Damit ist es de facto fix, dass die grüne Frontfrau nicht mehr in den Ring steigen wird, um ihre Partei in die Gemeinderatswahl 2020 zu führen. Denn als Vassilakous engster Vertrauter würde Kraus nie gegen sie kandidieren – womit es ab sofort um das Erbe der grünen Vizebürgermeisterin geht. Damit kocht der schwelende Konflikt zwischen der sogenannten Realo-Fraktion und dem linken Flügel wieder auf. Im Kern geht es um die Frage, wie kompromissbereit Grüne in einer Koalition mit der Wiener SPÖ sein müssen, ohne die eigenen Ideale zu verraten.
Wie derartige Meinungsfindungsprozesse ablaufen, die umgangssprachlich Flügelkämpfe genannt werden, durfte man monatelang bei der Wiener SPÖ beobachten: nämlich ziemlich tief.

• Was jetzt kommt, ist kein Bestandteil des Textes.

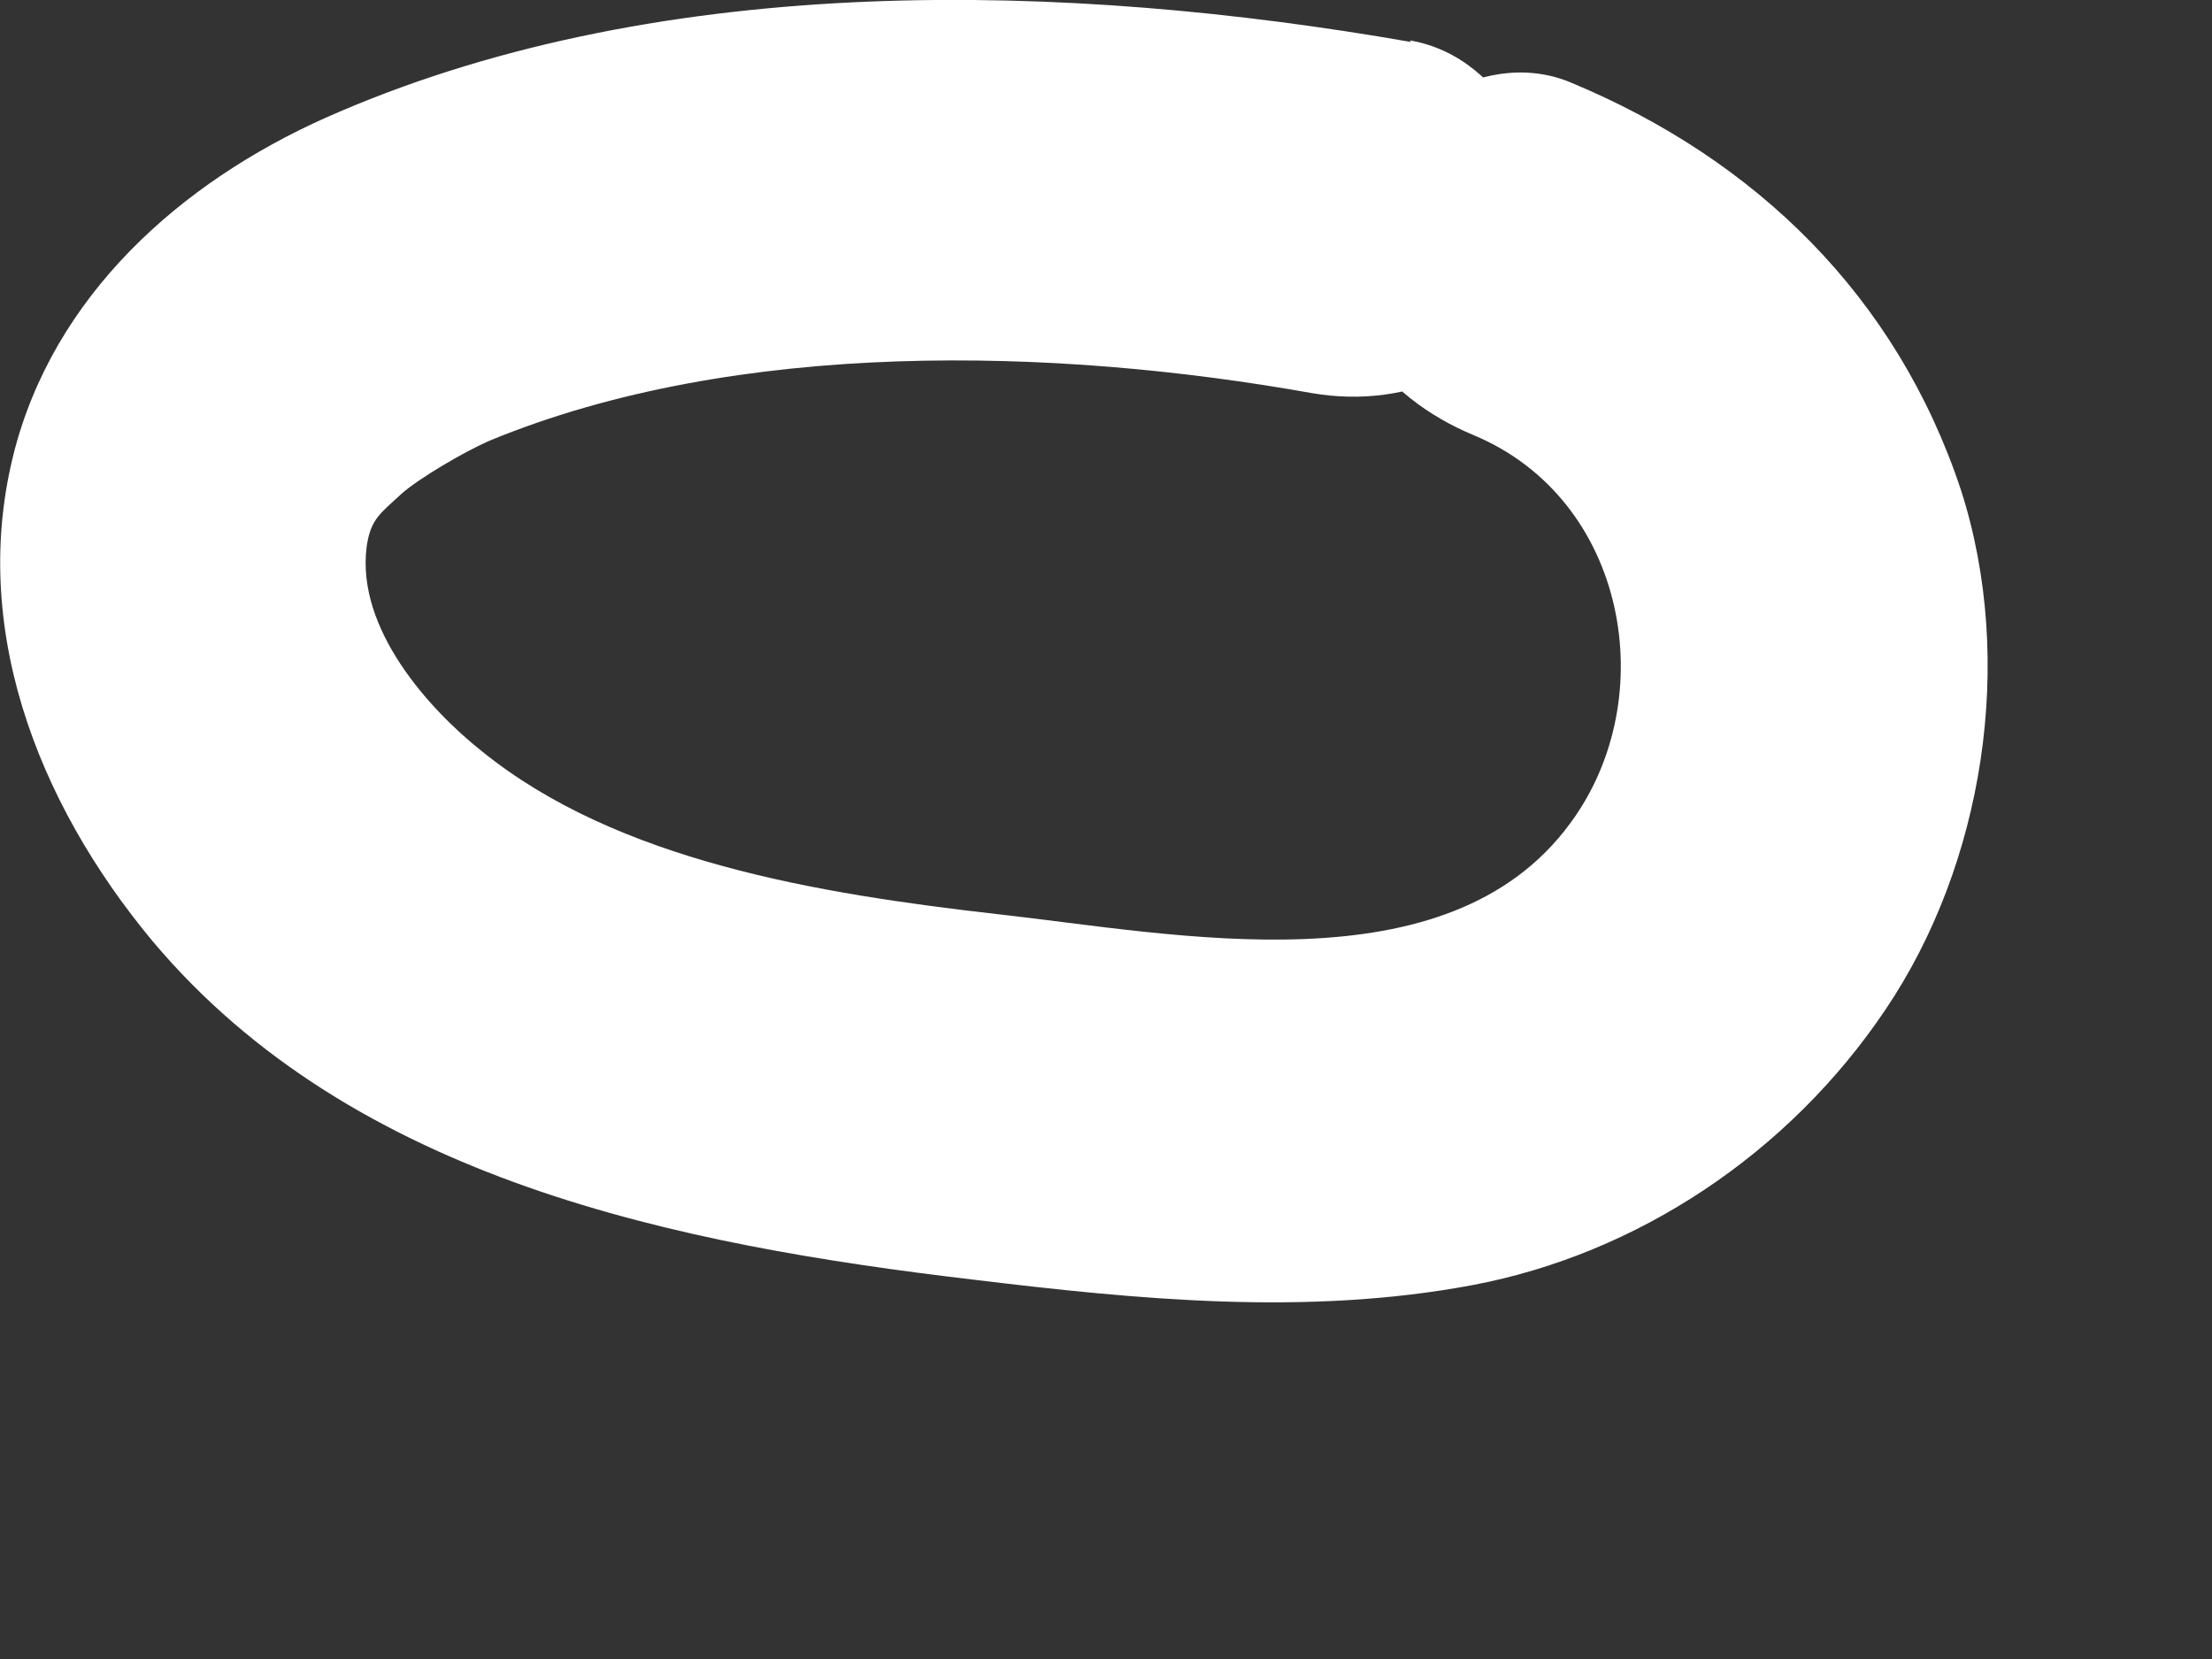 <?xml version="1.0" encoding="utf-8"?>
<svg xmlns="http://www.w3.org/2000/svg" fill="none" height="100%" overflow="visible" preserveAspectRatio="none" style="display: block;" viewBox="0 0 4 3" width="100%">
<rect x="0" y="0" width="4" height="3" fill="#333333" stroke="none"/>
<path d="M2.552 0.076C1.929 -0.033 1.207 -0.052 0.614 0.202C0.349 0.314 0.113 0.513 0.031 0.797C-0.062 1.124 0.067 1.451 0.276 1.702C0.64 2.135 1.227 2.251 1.76 2.314C2.058 2.35 2.363 2.38 2.662 2.324C2.96 2.268 3.235 2.086 3.41 1.825C3.586 1.564 3.646 1.197 3.546 0.886C3.43 0.536 3.175 0.288 2.84 0.149C2.675 0.08 2.476 0.222 2.433 0.381C2.38 0.569 2.499 0.718 2.665 0.787C2.943 0.903 3.006 1.263 2.84 1.488C2.618 1.792 2.128 1.689 1.803 1.653C1.479 1.616 1.117 1.557 0.872 1.359C0.776 1.283 0.644 1.137 0.663 0.989C0.67 0.939 0.687 0.929 0.726 0.893C0.756 0.866 0.839 0.817 0.885 0.797C1.333 0.612 1.909 0.628 2.373 0.711C2.549 0.741 2.731 0.665 2.781 0.48C2.824 0.321 2.728 0.103 2.549 0.073L2.552 0.076Z" fill="white" id="Vector"/>
</svg>

Zynisch formuliert müssten die Wiener Grünen dankbar sein, wenn der Kampf um Vassilakous Nachfolge öffentlichkeitswirksam und rustikal austragen wird – überdeckt das doch gnädig die wahren Probleme der Wiener Grünen. Zumindest für einige Zeit. Ein paar Beispiele: Dass sich die Korruptionsstaatsan- waltschaft für einen grünen Gemeinderat interessiert, der als heimlicher Planungsstadtrat gilt, ist, sagen wir, bemerkenswert. Da hilft es wenig, dass dieser die Anschuldigungen energisch zurückweist und die Vorwürfe womöglich falsch sind. Allein die Optik, das Hochhausprojekt eines Immobilieninvestors am Heumarkt gegen den erbitterten Widerstand der eigenen Basis durchzuziehen, gewinnt keinen Schönheitspreis. Dass derselbe Immobilieninvestor gleich danach in die Schlagzeilen gerät, weil er sich 3000 Sozialwohnungen von der Stadt Wien zum Diskontpreis sichern will (etwa 2000 Euro pro Wohnung), wirft Fragen nach den moralischen Standards auf, mit wem die Grünen grundsätzlich eng kooperieren. D as Dilemma um die VassilakouNachfolge ist dazu hausgemacht. In der angeblich jungen, hippen Partei geben seit rund 20 Jahren immer dieselben Funktionäre die Linie vor. Erneuerung sieht anders aus. Denn durch Seilschaften und interne Querelen sind bei den Wiener Grünen nur das alte Establishment und die junge Generation wie der 31-jährige Kraus übrig geblieben. Die zweite Generation, die nach Maria Vassilakou hätte übernehmen sollen, wurde aus der Partei vertrieben. Vor allem junge, politisch und fachlich kompetente Frauen wie die früheren Gemeinderätinnen Sabine Gretner und Marie Ringler, Vassilakous logische Nachfolgerinnen, haben aufgegeben und sind in die Privatwirtschaft gewechselt. Diese Generation fehlt nun.
Nebenbei: Dass Vassilakou vor der Wien-Wahl 2015 ihren Rücktritt im Fall von Verlusten ankündigte und dann trotzdem blieb, half den Wiener Grünen ebenso wenig wie der Wechsel von Eva Glawischnig zu dem Glücksspielkonzern Novomatic – die damalige grüne Bundessprecherin stammt aus der Wiener Partei. Mit einer derartigen Anzahl von Einzelfällen wird die Frage nach der politischen Glaubwürdigkeit gestellt – vor allem bei einer Partei, die diese Werte laufend betont.